Task prompt => Only the pictures are to be left out; return the rest of the data exactly as it stands.

Top of Material to process

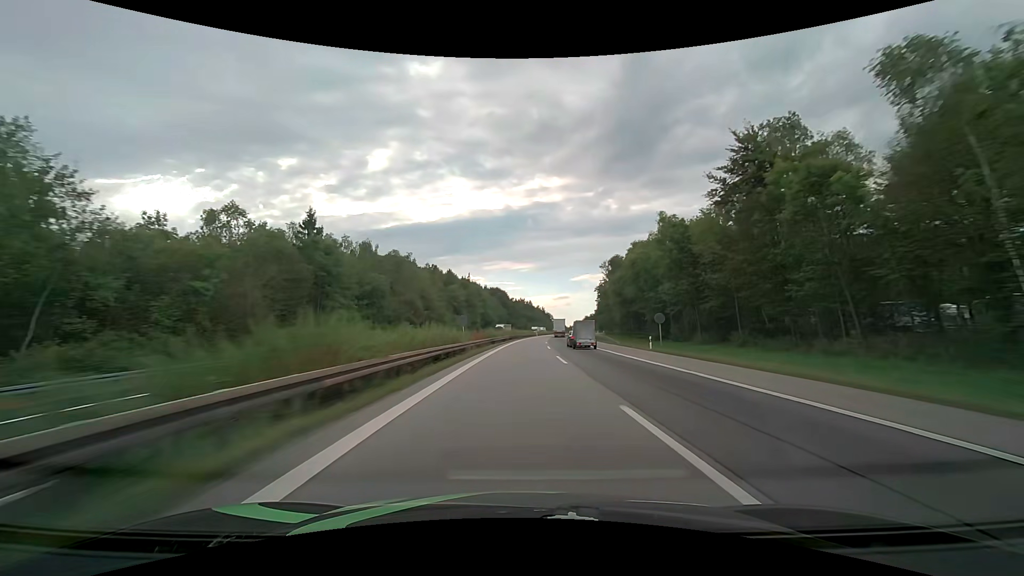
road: motorway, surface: asphalt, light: Day
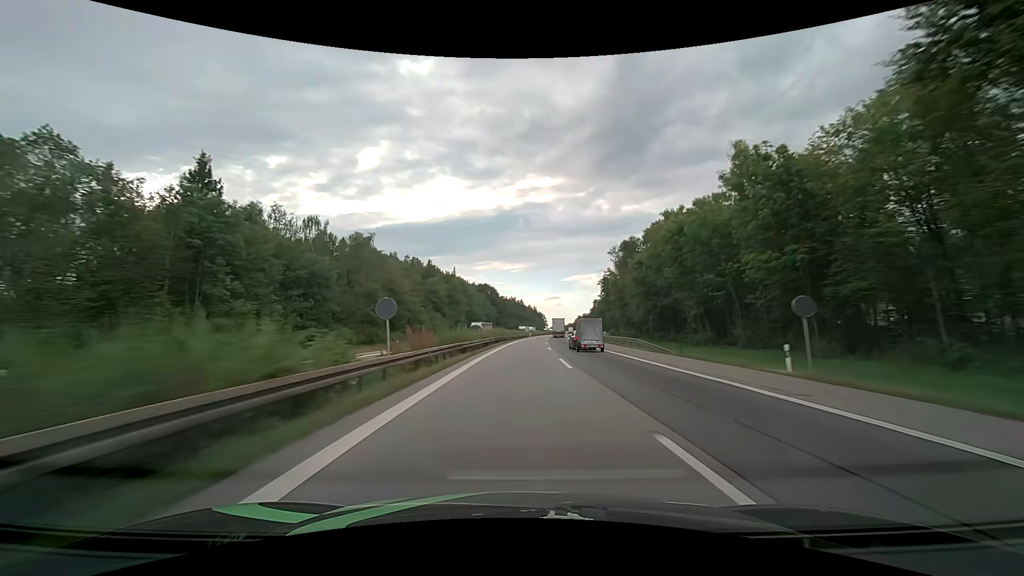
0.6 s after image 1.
(+0.2, +20.8) m; +1°
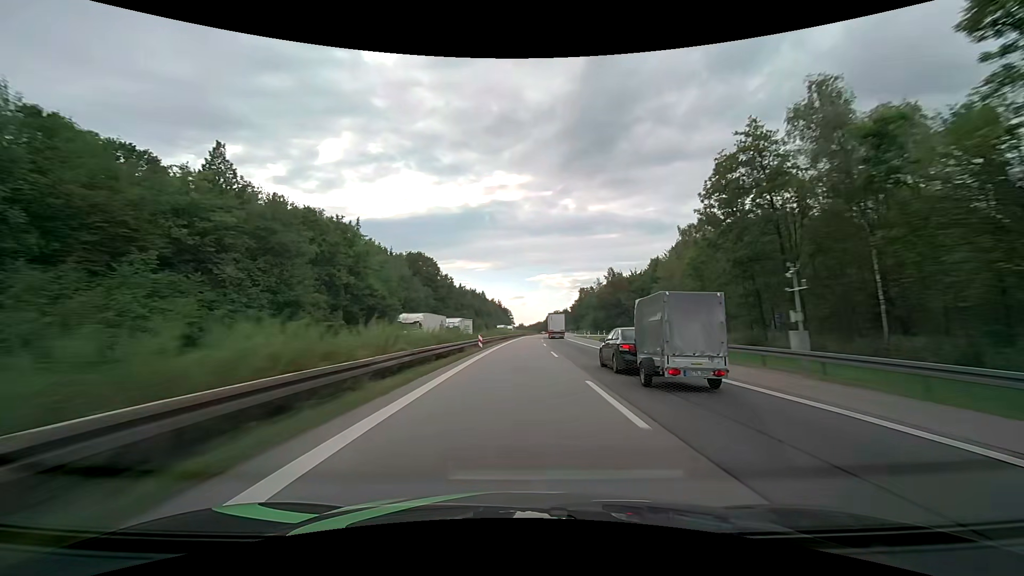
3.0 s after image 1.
(+3.2, +84.4) m; +4°
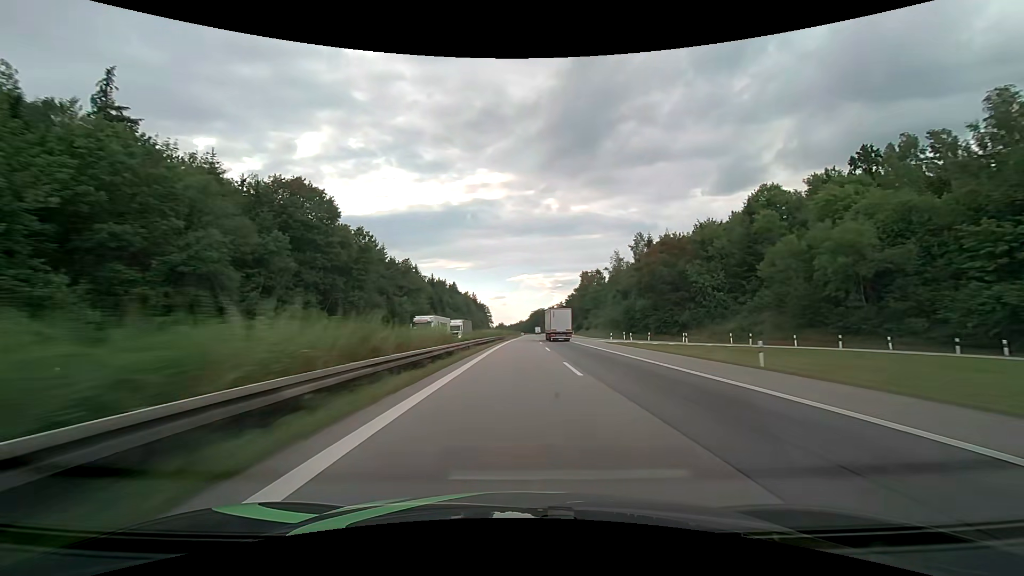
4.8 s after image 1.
(+1.5, +64.7) m; +2°
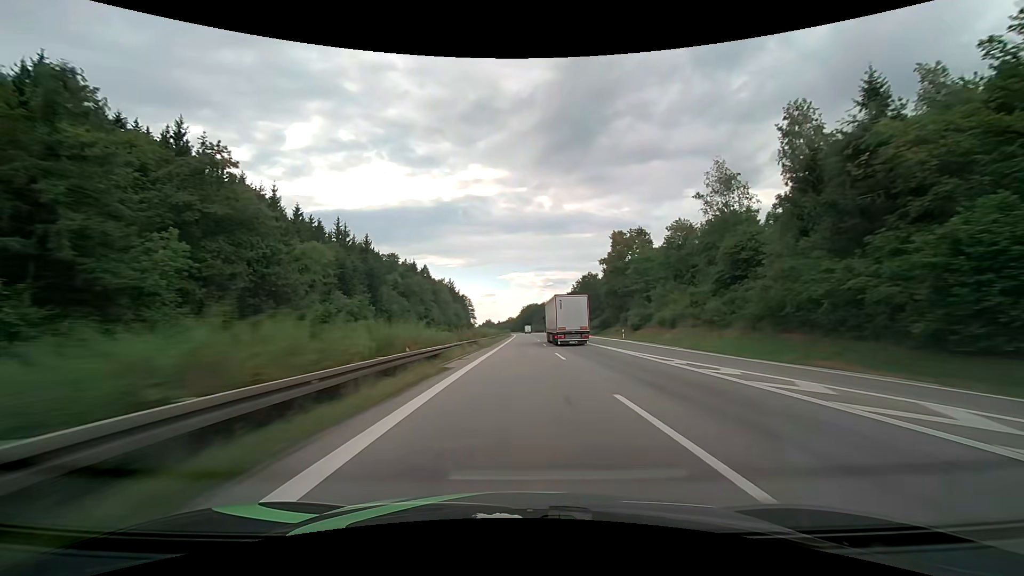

Bottom of Material to process

Output below =>
road: motorway, surface: asphalt, light: Day
0.6 s after image 1.
(+0.2, +20.8) m; +1°
3.0 s after image 1.
(+3.2, +84.4) m; +4°
4.8 s after image 1.
(+1.5, +64.7) m; +2°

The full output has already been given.